(Stored entries)
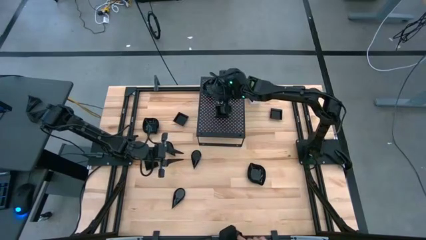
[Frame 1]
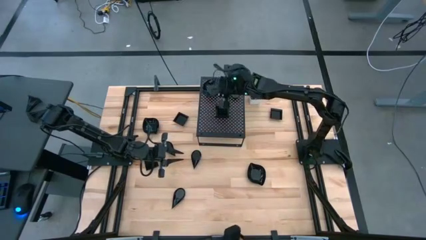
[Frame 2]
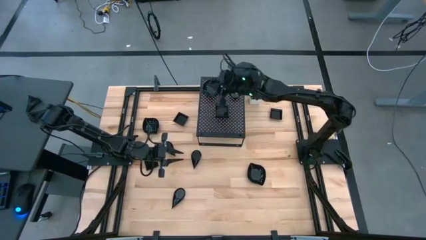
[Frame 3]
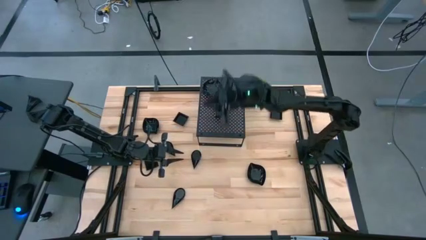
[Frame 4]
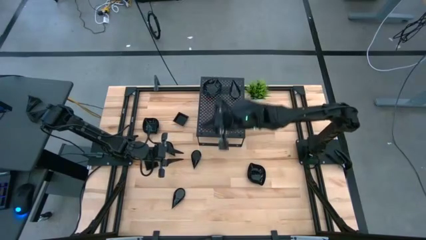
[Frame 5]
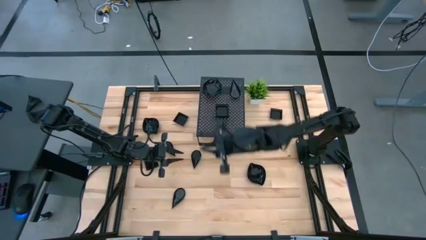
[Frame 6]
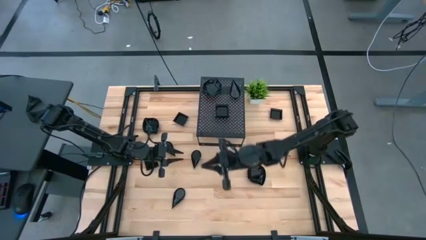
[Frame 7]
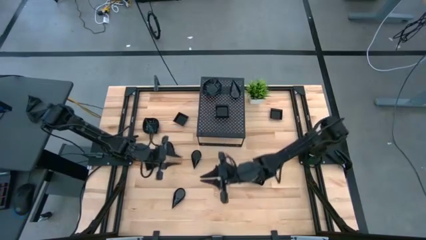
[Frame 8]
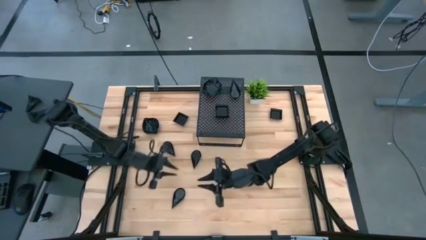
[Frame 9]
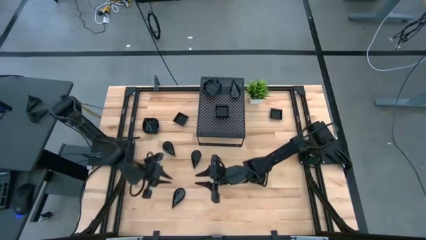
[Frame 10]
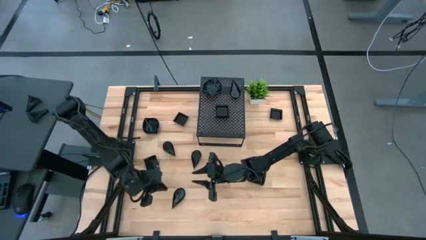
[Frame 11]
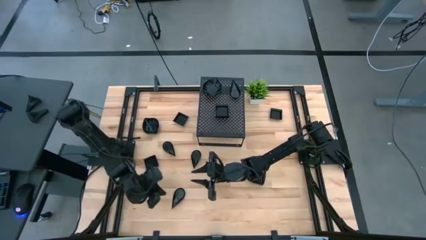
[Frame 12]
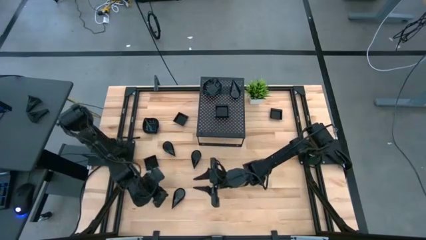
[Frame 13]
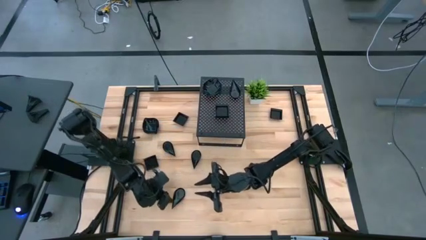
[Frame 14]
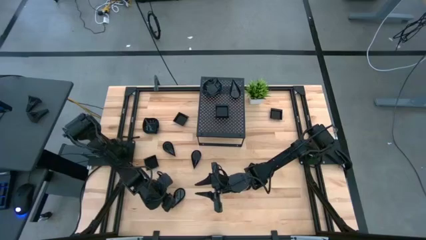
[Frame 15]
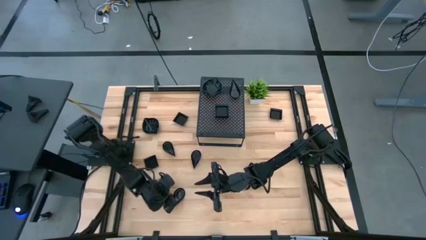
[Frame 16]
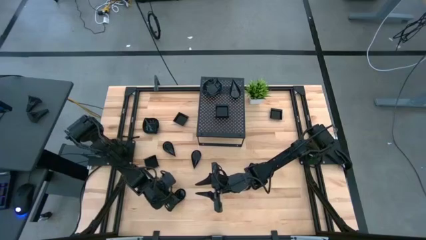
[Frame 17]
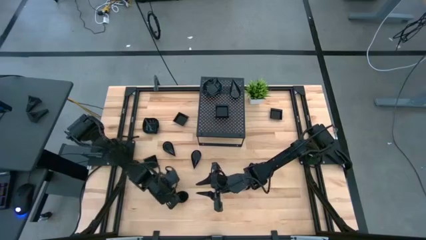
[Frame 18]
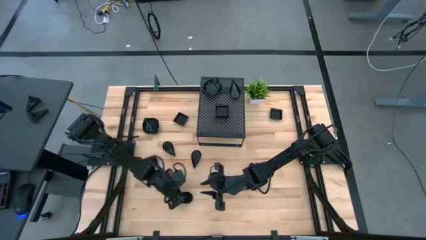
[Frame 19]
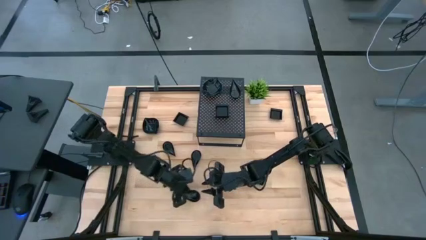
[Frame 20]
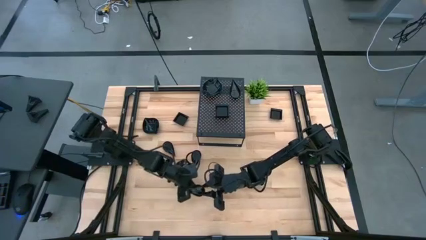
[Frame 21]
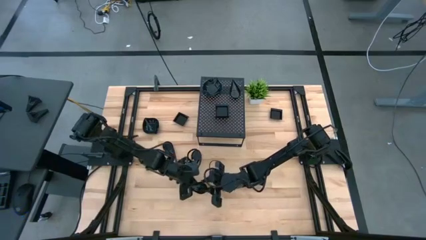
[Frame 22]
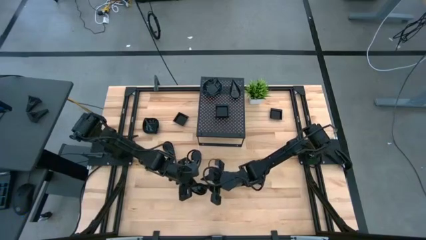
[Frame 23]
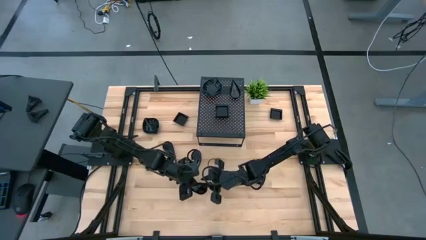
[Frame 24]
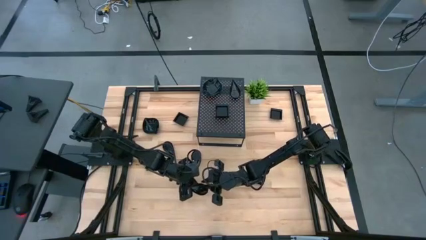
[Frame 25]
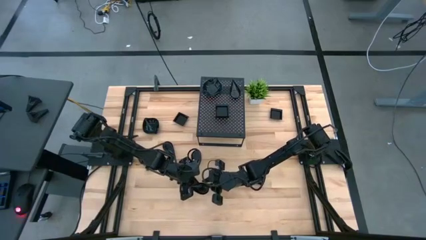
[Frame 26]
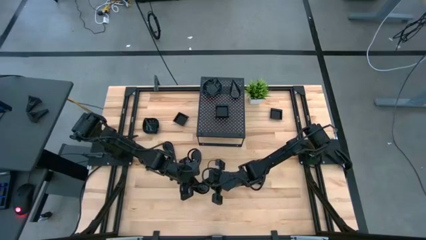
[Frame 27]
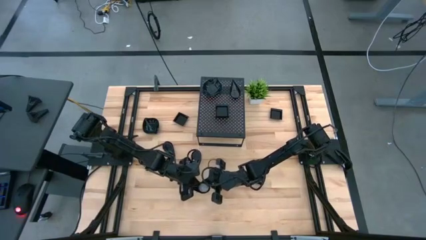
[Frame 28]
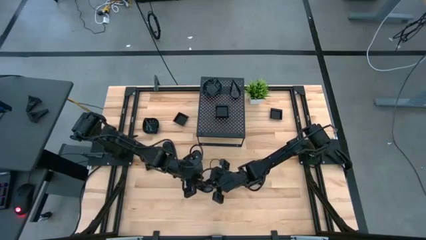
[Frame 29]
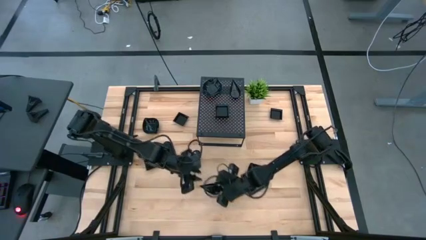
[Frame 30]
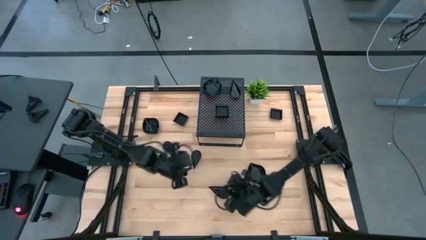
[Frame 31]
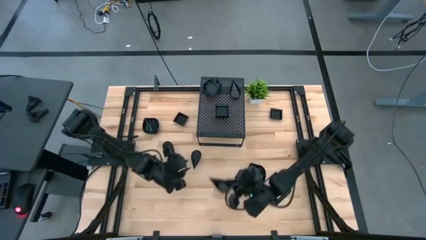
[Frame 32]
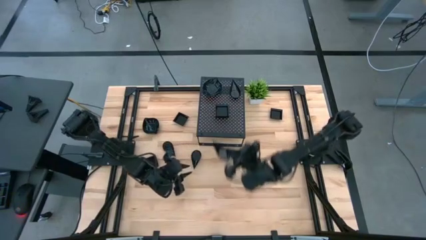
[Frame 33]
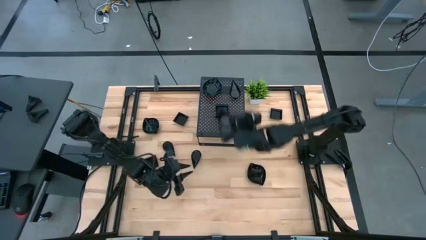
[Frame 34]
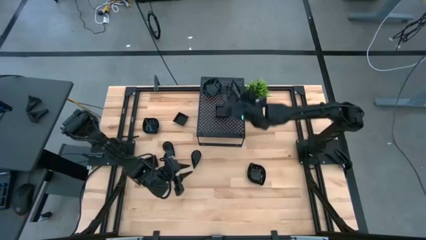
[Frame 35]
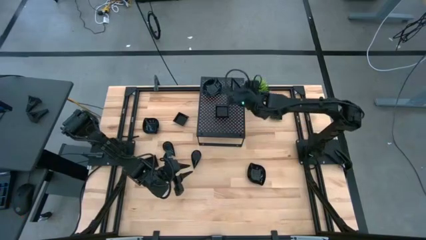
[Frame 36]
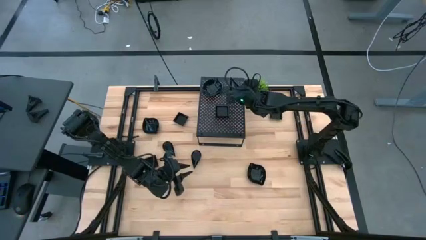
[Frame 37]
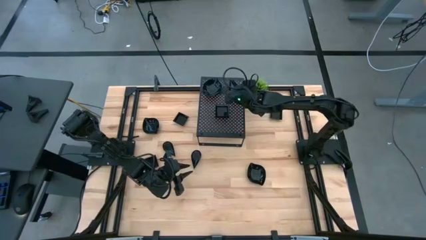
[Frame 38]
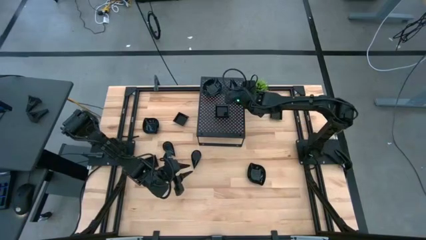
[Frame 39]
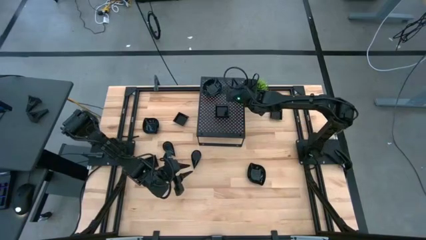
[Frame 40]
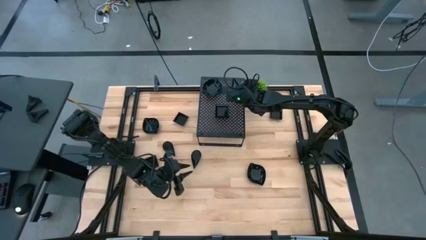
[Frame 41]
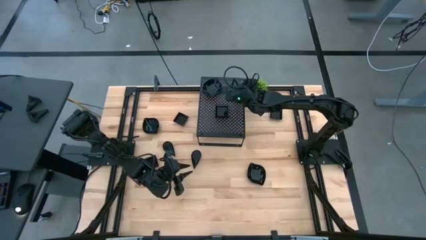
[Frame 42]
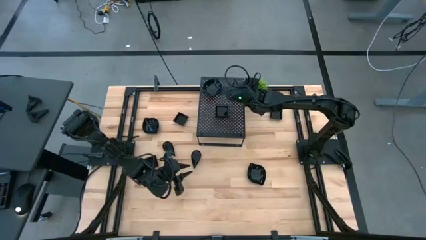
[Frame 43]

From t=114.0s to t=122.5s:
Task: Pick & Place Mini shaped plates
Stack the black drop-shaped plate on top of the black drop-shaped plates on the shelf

:: THE TASK ::
Reproduce every record above exactly, but leave out the pictures.

:: WRITTEN SOLUTION ::
[Frame 1]
[Frame 2]
[Frame 3]
[Frame 4]
[Frame 5]
[Frame 6]
[Frame 7]
[Frame 8]
[Frame 9]
[Frame 10]
[Frame 11]
[Frame 12]
[Frame 13]
[Frame 14]
[Frame 15]
[Frame 16]
[Frame 17]
[Frame 18]
[Frame 19]
[Frame 20]
[Frame 21]
[Frame 22]
[Frame 23]
[Frame 24]
[Frame 25]
[Frame 26]
[Frame 27]
[Frame 28]
[Frame 29]
[Frame 30]
[Frame 31]
[Frame 32]
[Frame 33]
[Frame 34]
[Frame 35]
[Frame 36]
[Frame 37]
[Frame 38]
[Frame 39]
[Frame 40]
[Frame 41]
[Frame 42]
[Frame 43]

From t=114.0s to t=122.5s:
Task: Pick & Place Mini shaped plates
Stack the black drop-shaped plate on top of the black drop-shaped plates on the shelf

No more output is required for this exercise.